In Reply to: Re: rpcman & Robert vs. Tom posted by Boje on September 17, 1999 at 17:34:44:

: The reason that you guys in the creation vs. evolution debate always resort to ad hominem attacks, is that that is the crux of your disagreement with each other. Both sides of the debate have the ulterior motive of rejection of the premises of the other side, despite the apparent attempts to discuss individual aspects of the larger question on their own merits.

: You have both dismissed the negative potential outcome of your debate out of hand – from the start.

: You have each also predefined the only valid method of determining success from two different directions – one a priori, the other a posteriori; thereby nullifying, before the debate, the claims of the other side.

: Compromise is therefore logically impossible.

: Yet, both sides insist that they are open to counter-proofs from the other. Just a little disingenuous, I’d say.

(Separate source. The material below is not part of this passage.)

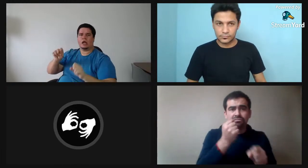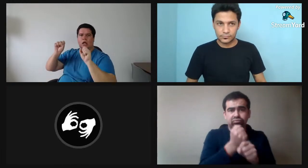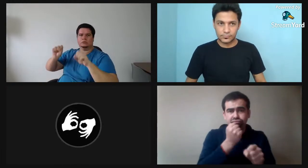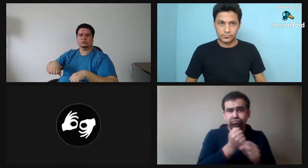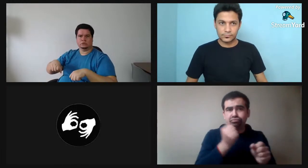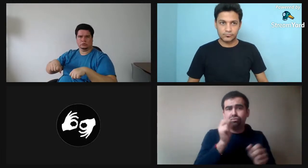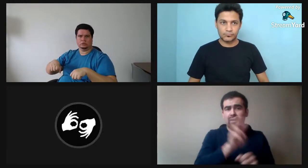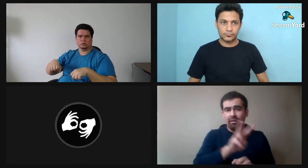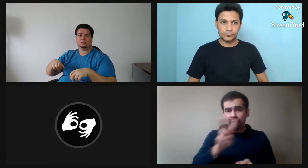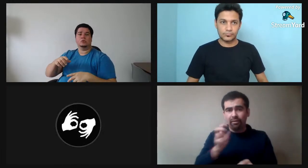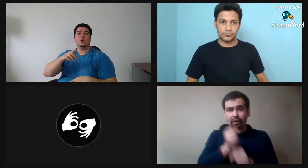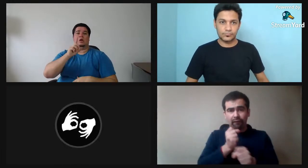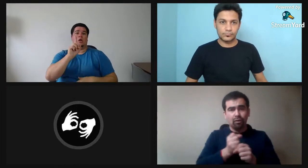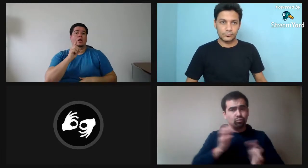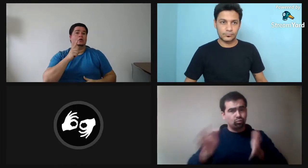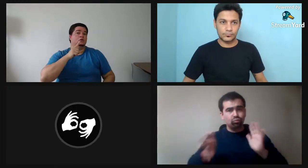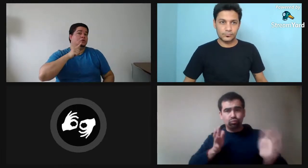en general.
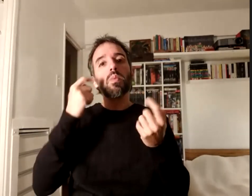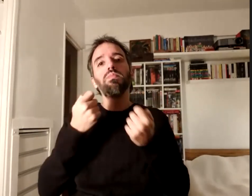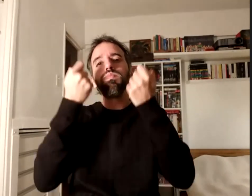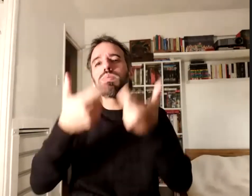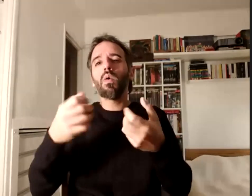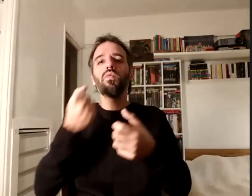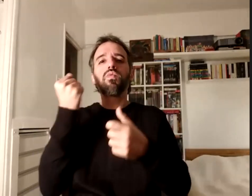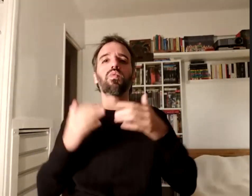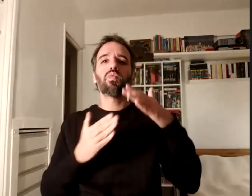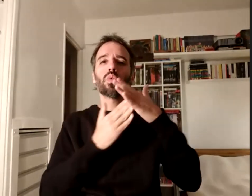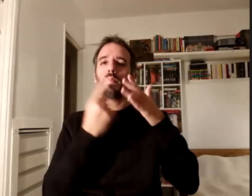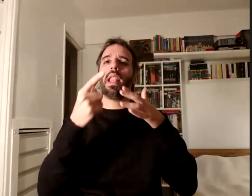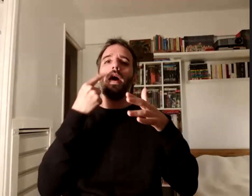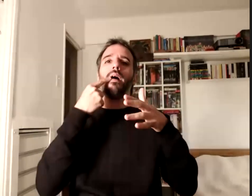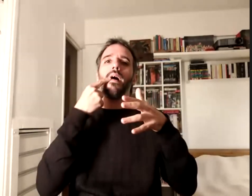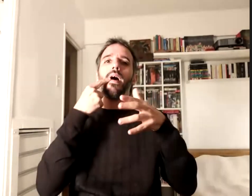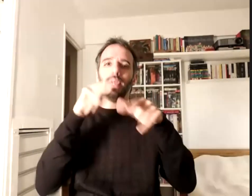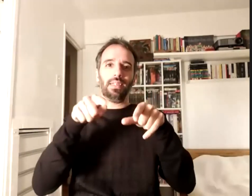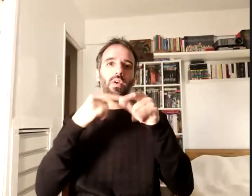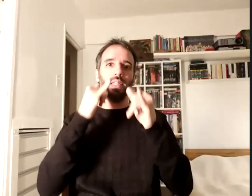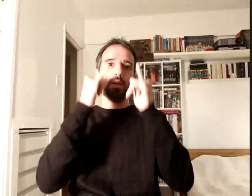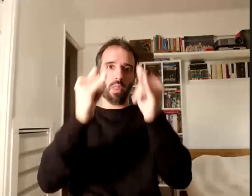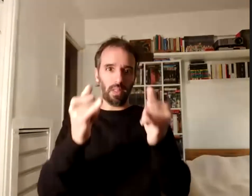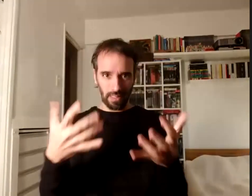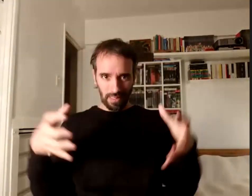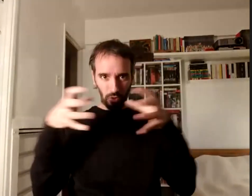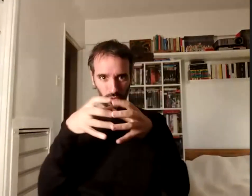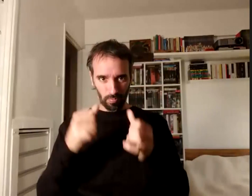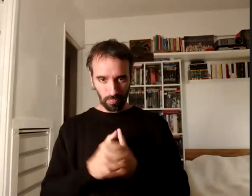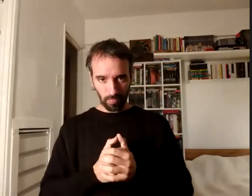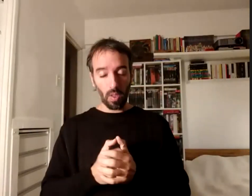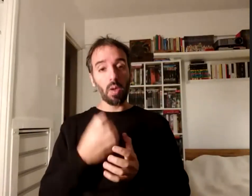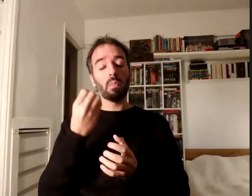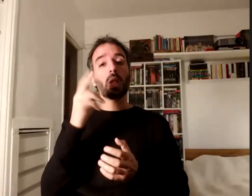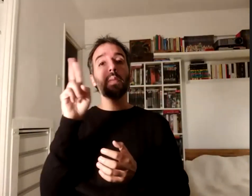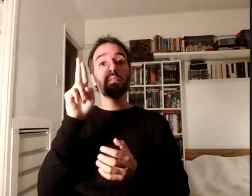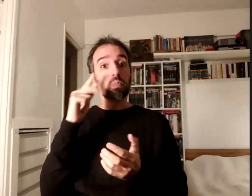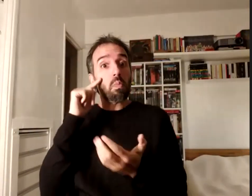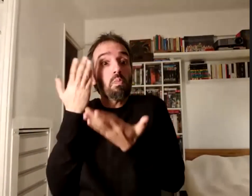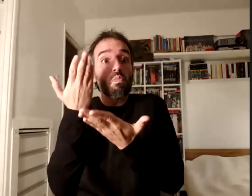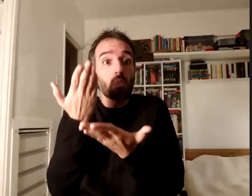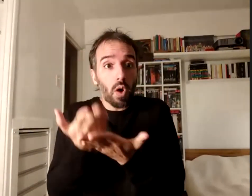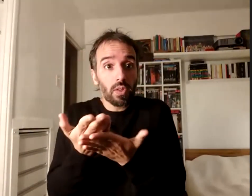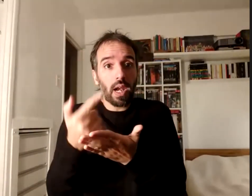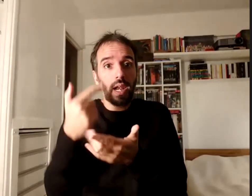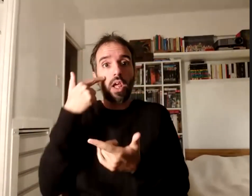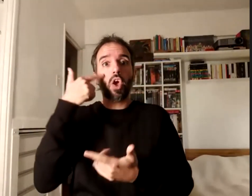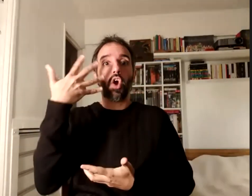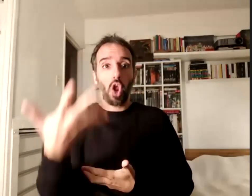movimiento que está implicado en la integralidad, porque permite mostrar, dar a conocer, hacer público,

What you say about the "disingenuous" character of our discussions
could be true, but I would assume that both Robert and I assume that we
are open to refutation. That does not forestall the posibility that we actually
are not at some deeper level. Many evolutionists (William Provine most notably) insist
that there is no free will. Of course if he's right then people cannot truly be open
to counterarguments. (You would think, given the denial of free will by strict Darwinists,
that they would be more tolerant of creationist--who, after all, could not have any choice in the matter.)
The assumption of free will seems to pose a problem for evolutionist belief. If even our thoughts
are deterministic products of natural selection or genetic determination, what confidence can we have
that our Neo-Darwinian convictions are true. The postmodernists who embrace a posture of radical
skepticism are the more consistent Darwinists. Like Nietzsche they recognize that evolution undermines
science as well as religion. Seems paradoxical to draw this conclusion, as Nietzsche did, from a scientific theory.
I suspect that this is what caused science to dry up in antiquity. A too narrow rationalism always leads to skepticism, and that
in turn to solipsism--witness the anti-scientific tencencies of the
ancient sophists. The philosophers who embraced a theistic rationalism--Plato and Aristotle--
maintained the scientific faith.

: I do think that, for unbiased observers, this adversarial process is a pretty good method of seeing ideas presented for the purpose of evaluation. The passions that lead to extreme views are useful in pointing out the weaknesses of both viewpoints.

: That says very little, however, for the sincerity of the debaters’ stated purposes of discovering truth.